Jennifer Jacobs, Bloomberg News on

Published in News & Features

WASHINGTON -- The sudden resignation of one of President Donald Trump's top aides amid allegations of domestic abuse raised fresh questions about chief of staff John Kelly's ability to bring a tumultuous White House under control.

The episode risked tarnishing Kelly's reputation for running a tight ship and possibly weakened his political clout in Washington at a time when Trump is looking to build support on both sides of the aisle over contentious issues like immigration.

Kelly's ability to lead is also being questioned within the West Wing: several White House aides said that he had failed Trump if he had known about the allegations against staff secretary Rob Porter and not informed the president.

Kelly came further criticism for his response. When Porter resigned on Wednesday, Kelly offered only a glowing statement of the senior aide. Later that evening, he released a second statement, saying that he "was shocked by the new allegations" and that "there is no place for domestic violence in our society."

People familiar with the matter said Kelly was aware there were issues in Porter's past impeding his permanent security clearance more than a year into his tenure. White House officials declined to go into more detail about how much Kelly knew about them and when he had first been informed.

Porter has denied the allegations.

When asked in a briefing on Thursday why the White House and Kelly had stood behind Porter amid the allegations, Deputy White House Press Secretary Raj Shah acknowledged that communications had reflected their positive views of Porter as a colleague.

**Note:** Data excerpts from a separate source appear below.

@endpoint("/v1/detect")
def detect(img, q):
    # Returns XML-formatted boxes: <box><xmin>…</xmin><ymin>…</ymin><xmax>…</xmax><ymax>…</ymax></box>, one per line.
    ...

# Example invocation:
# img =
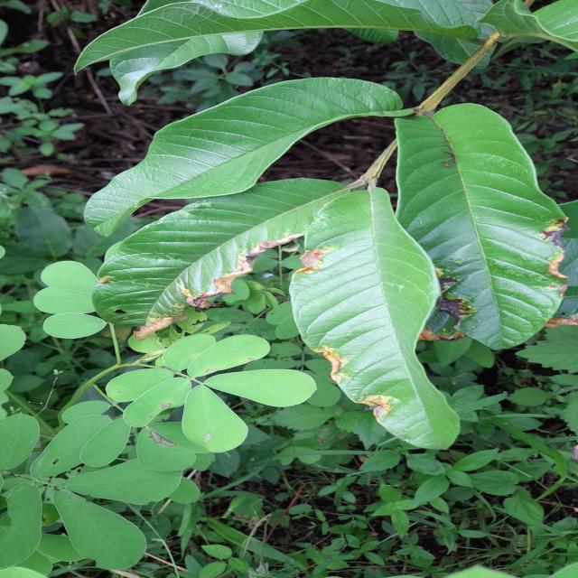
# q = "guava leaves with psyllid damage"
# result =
<box><xmin>368</xmin><ymin>105</ymin><xmax>578</xmax><ymax>362</ymax></box>
<box><xmin>80</xmin><ymin>160</ymin><xmax>358</xmax><ymax>359</ymax></box>
<box><xmin>271</xmin><ymin>177</ymin><xmax>491</xmax><ymax>467</ymax></box>
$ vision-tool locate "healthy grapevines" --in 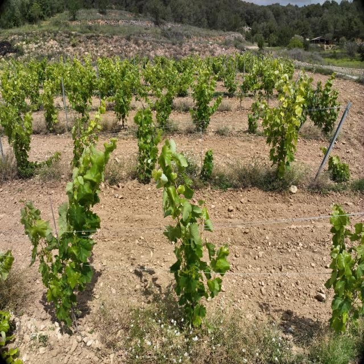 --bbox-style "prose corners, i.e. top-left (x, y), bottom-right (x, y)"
top-left (151, 140), bottom-right (233, 338)
top-left (16, 127), bottom-right (121, 337)
top-left (320, 197), bottom-right (364, 351)
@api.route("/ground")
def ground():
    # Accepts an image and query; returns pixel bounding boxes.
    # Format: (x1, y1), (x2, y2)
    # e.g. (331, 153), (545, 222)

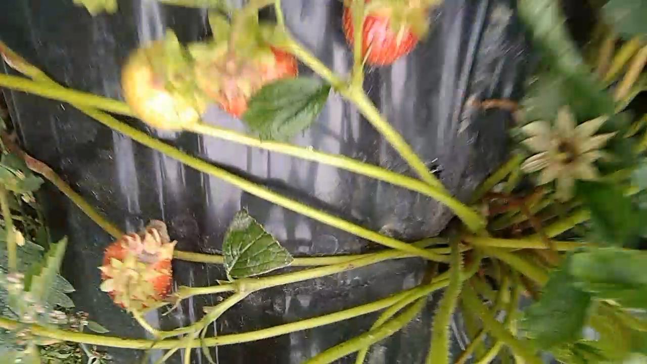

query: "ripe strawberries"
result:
(217, 42), (299, 119)
(95, 230), (177, 311)
(334, 0), (430, 70)
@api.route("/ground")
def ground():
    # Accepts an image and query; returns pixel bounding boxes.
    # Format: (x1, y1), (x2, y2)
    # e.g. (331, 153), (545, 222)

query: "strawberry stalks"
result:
(122, 287), (186, 340)
(338, 0), (376, 86)
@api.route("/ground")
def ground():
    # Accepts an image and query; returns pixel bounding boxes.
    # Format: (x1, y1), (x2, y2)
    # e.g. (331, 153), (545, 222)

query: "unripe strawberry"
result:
(113, 41), (209, 131)
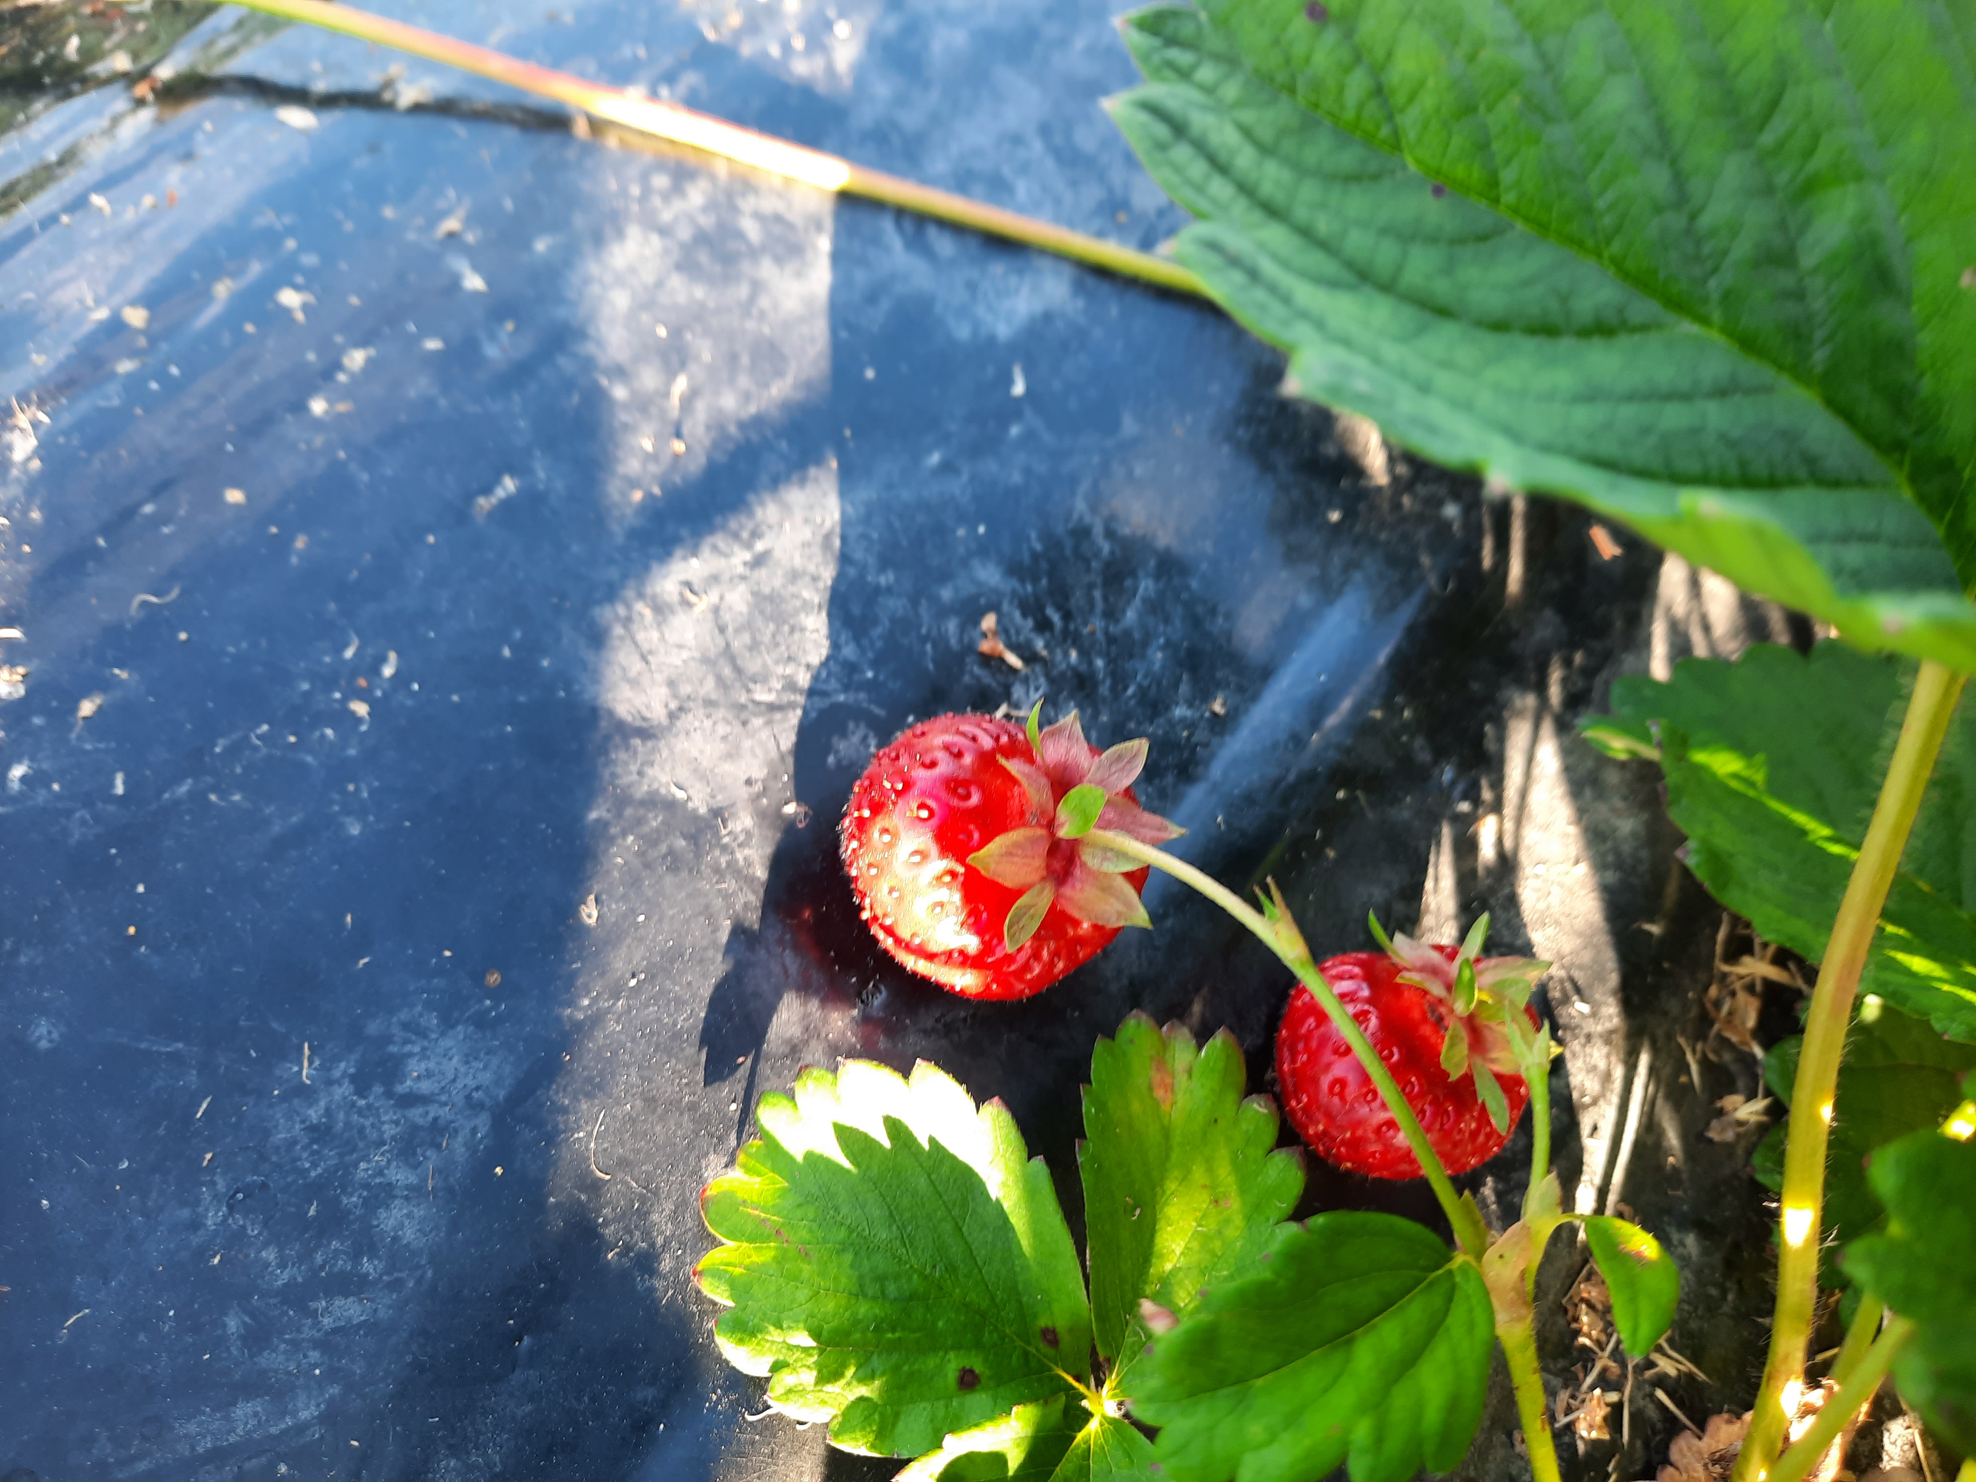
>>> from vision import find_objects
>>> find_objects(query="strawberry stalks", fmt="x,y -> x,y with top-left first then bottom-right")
1041,807 -> 1307,972
1427,977 -> 1571,1213
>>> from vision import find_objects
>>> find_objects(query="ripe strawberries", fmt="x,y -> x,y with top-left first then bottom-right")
813,701 -> 1154,1001
1303,965 -> 1516,1169
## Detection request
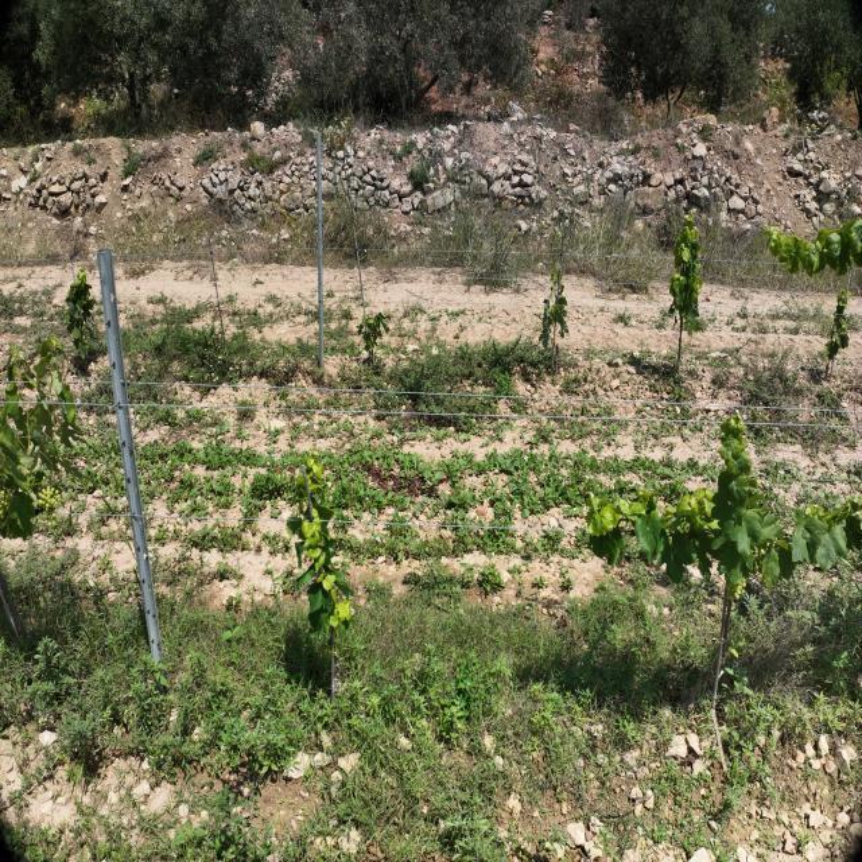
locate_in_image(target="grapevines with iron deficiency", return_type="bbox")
[277,418,364,721]
[578,404,862,743]
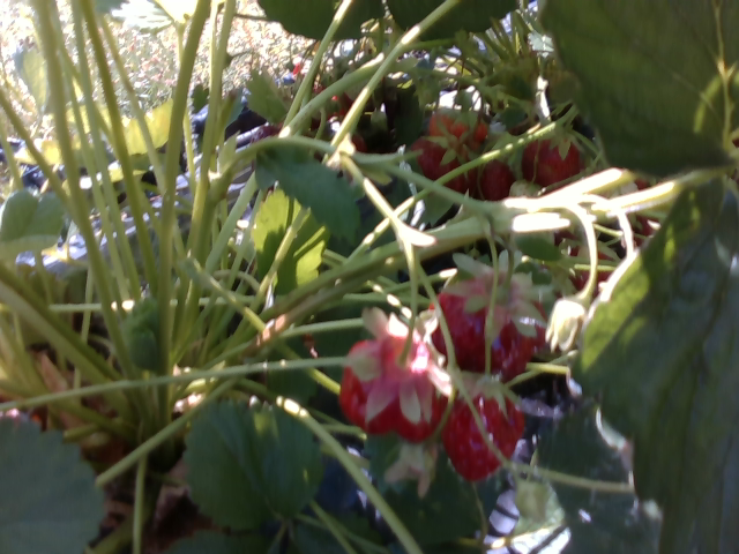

"I think it's fair to say that we all could have done better over the last few hours -- or last few days -- in dealing with this situation," Shah said. "The emerging reports were not reflective of the individual who we had come to know."

Shah said that Kelly only became "fully aware" of the allegations this week. He declined to give details about how much the chief of staff had known before that. Shah added that Kelly retained the president's confidence.

On Thursday night, a White House official released a letter that Kelly had written to White House employees seeking to allay their concerns over the accusations against Porter.

"I want you to know that we all take matters of domestic violence very seriously," Kelly said in the letter. "We understand the shock, pain and confusion that these allegations have caused in our workplace."

Porter's title understates his significance in the White House. He served as a clearinghouse for paperwork coming in or out of the Oval Office, and he was an important influence on policy in his own right. Few aides enjoyed greater access to the Oval Office, or spent more time in the president's company. He also played a vital role in helping Kelly try to bring order to the White House.


A president's staff secretary typically would be cleared for a level of security called Top Secret Sensitive Compartmented Information, allowing him or her to handle extremely sensitive information, according to a former White House official with knowledge of the process. The secretary would have access to two computer systems, one classified and the other unclassified, the former official said.

Staff secretaries are also typically privy to information in the classified President's Daily Briefing, a summary of intelligence on threats to the U.S., the former official said.

"The fact that Porter might have held a senior White House position without a security clearance is troubling and merits a full investigation," said Chris Lu, former cabinet secretary under President Barack Obama and senior fellow at the University of Virginia Miller Center. "I've lost count as to how many Trump appointees have been sidelined because of their past views or conduct. But this is further evidence of a non-existent vetting process."

While Kelly has earned plaudits from many in the West Wing for imposing structure onto the presidential decision-making process, the president and his closest advisers have bristled at his attempts to limit the access of the sprawling diaspora of friends, business leaders, media figures and former advisers with whom Trump regularly consorted.

Trump also appeared angered by Kelly's handing of immigration negotiations on Capitol Hill. According to reports, he told congressional Democrats that the president was "uninformed" during the campaign when he promised a physical barrier spanning the entirety of the Southern border paid for by Mexico.

In a subsequent television interview, Kelly, the former Department of Homeland Security secretary, said the president had "evolved in the way he looks at things" -- drawing a rebuke from Trump on Twitter, who said his plan had "never changed or evolved from the first day I conceived of it."

Kelly went on to infuriate immigration advocates and Democratic lawmakers on Feb. 6 when he said some young immigrants eligible for the Deferred Action for Childhood Arrivals program had failed to apply for the legal protections because they were too afraid -- or "too lazy to get off their asses."